-- Given records follows --

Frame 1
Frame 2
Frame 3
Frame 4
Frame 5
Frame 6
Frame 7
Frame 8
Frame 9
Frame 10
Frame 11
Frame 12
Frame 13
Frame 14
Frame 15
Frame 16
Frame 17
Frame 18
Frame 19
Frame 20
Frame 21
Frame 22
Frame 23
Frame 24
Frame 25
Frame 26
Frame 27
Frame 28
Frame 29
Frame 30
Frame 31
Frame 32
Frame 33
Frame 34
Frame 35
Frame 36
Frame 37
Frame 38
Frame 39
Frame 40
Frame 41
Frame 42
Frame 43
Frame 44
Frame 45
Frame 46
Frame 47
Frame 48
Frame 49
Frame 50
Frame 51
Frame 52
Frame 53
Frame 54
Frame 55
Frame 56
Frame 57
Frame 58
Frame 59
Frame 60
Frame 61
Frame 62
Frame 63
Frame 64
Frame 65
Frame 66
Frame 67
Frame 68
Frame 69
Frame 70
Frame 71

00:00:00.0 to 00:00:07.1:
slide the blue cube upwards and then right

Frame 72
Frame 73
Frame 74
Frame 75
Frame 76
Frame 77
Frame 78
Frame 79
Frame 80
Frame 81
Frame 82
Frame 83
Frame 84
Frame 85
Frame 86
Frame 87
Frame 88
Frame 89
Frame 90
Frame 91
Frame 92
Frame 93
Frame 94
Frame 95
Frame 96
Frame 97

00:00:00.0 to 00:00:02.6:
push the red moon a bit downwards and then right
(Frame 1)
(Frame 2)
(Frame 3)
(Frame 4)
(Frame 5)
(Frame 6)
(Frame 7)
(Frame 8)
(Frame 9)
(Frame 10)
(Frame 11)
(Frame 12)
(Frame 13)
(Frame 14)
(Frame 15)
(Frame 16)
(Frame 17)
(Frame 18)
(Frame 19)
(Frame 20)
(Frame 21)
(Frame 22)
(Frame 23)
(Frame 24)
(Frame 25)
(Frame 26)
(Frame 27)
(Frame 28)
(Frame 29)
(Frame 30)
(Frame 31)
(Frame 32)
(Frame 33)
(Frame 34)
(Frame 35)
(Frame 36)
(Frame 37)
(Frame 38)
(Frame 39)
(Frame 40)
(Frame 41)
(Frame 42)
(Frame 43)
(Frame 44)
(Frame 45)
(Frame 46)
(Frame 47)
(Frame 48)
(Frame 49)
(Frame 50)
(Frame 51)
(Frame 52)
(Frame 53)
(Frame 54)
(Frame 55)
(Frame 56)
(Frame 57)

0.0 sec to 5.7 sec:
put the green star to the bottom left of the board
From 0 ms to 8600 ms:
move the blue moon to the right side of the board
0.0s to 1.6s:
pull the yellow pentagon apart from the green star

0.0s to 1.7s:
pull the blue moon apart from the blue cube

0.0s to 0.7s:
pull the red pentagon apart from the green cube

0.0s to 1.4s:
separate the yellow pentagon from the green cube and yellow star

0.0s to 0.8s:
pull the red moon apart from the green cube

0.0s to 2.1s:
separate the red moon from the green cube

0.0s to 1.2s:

-- Given records concluded --

◆ **Exercise description**:
The answer must be the complete listing, repeated exactly.

◆ **Answer below**:
Frame 1
Frame 2
Frame 3
Frame 4
Frame 5
Frame 6
Frame 7
Frame 8
Frame 9
Frame 10
Frame 11
Frame 12
Frame 13
Frame 14
Frame 15
Frame 16
Frame 17
Frame 18
Frame 19
Frame 20
Frame 21
Frame 22
Frame 23
Frame 24
Frame 25
Frame 26
Frame 27
Frame 28
Frame 29
Frame 30
Frame 31
Frame 32
Frame 33
Frame 34
Frame 35
Frame 36
Frame 37
Frame 38
Frame 39
Frame 40
Frame 41
Frame 42
Frame 43
Frame 44
Frame 45
Frame 46
Frame 47
Frame 48
Frame 49
Frame 50
Frame 51
Frame 52
Frame 53
Frame 54
Frame 55
Frame 56
Frame 57
Frame 58
Frame 59
Frame 60
Frame 61
Frame 62
Frame 63
Frame 64
Frame 65
Frame 66
Frame 67
Frame 68
Frame 69
Frame 70
Frame 71

00:00:00.0 to 00:00:07.1:
slide the blue cube upwards and then right

Frame 72
Frame 73
Frame 74
Frame 75
Frame 76
Frame 77
Frame 78
Frame 79
Frame 80
Frame 81
Frame 82
Frame 83
Frame 84
Frame 85
Frame 86
Frame 87
Frame 88
Frame 89
Frame 90
Frame 91
Frame 92
Frame 93
Frame 94
Frame 95
Frame 96
Frame 97

00:00:00.0 to 00:00:02.6:
push the red moon a bit downwards and then right
(Frame 1)
(Frame 2)
(Frame 3)
(Frame 4)
(Frame 5)
(Frame 6)
(Frame 7)
(Frame 8)
(Frame 9)
(Frame 10)
(Frame 11)
(Frame 12)
(Frame 13)
(Frame 14)
(Frame 15)
(Frame 16)
(Frame 17)
(Frame 18)
(Frame 19)
(Frame 20)
(Frame 21)
(Frame 22)
(Frame 23)
(Frame 24)
(Frame 25)
(Frame 26)
(Frame 27)
(Frame 28)
(Frame 29)
(Frame 30)
(Frame 31)
(Frame 32)
(Frame 33)
(Frame 34)
(Frame 35)
(Frame 36)
(Frame 37)
(Frame 38)
(Frame 39)
(Frame 40)
(Frame 41)
(Frame 42)
(Frame 43)
(Frame 44)
(Frame 45)
(Frame 46)
(Frame 47)
(Frame 48)
(Frame 49)
(Frame 50)
(Frame 51)
(Frame 52)
(Frame 53)
(Frame 54)
(Frame 55)
(Frame 56)
(Frame 57)

0.0 sec to 5.7 sec:
put the green star to the bottom left of the board
From 0 ms to 8600 ms:
move the blue moon to the right side of the board
0.0s to 1.6s:
pull the yellow pentagon apart from the green star

0.0s to 1.7s:
pull the blue moon apart from the blue cube

0.0s to 0.7s:
pull the red pentagon apart from the green cube

0.0s to 1.4s:
separate the yellow pentagon from the green cube and yellow star

0.0s to 0.8s:
pull the red moon apart from the green cube

0.0s to 2.1s:
separate the red moon from the green cube

0.0s to 1.2s:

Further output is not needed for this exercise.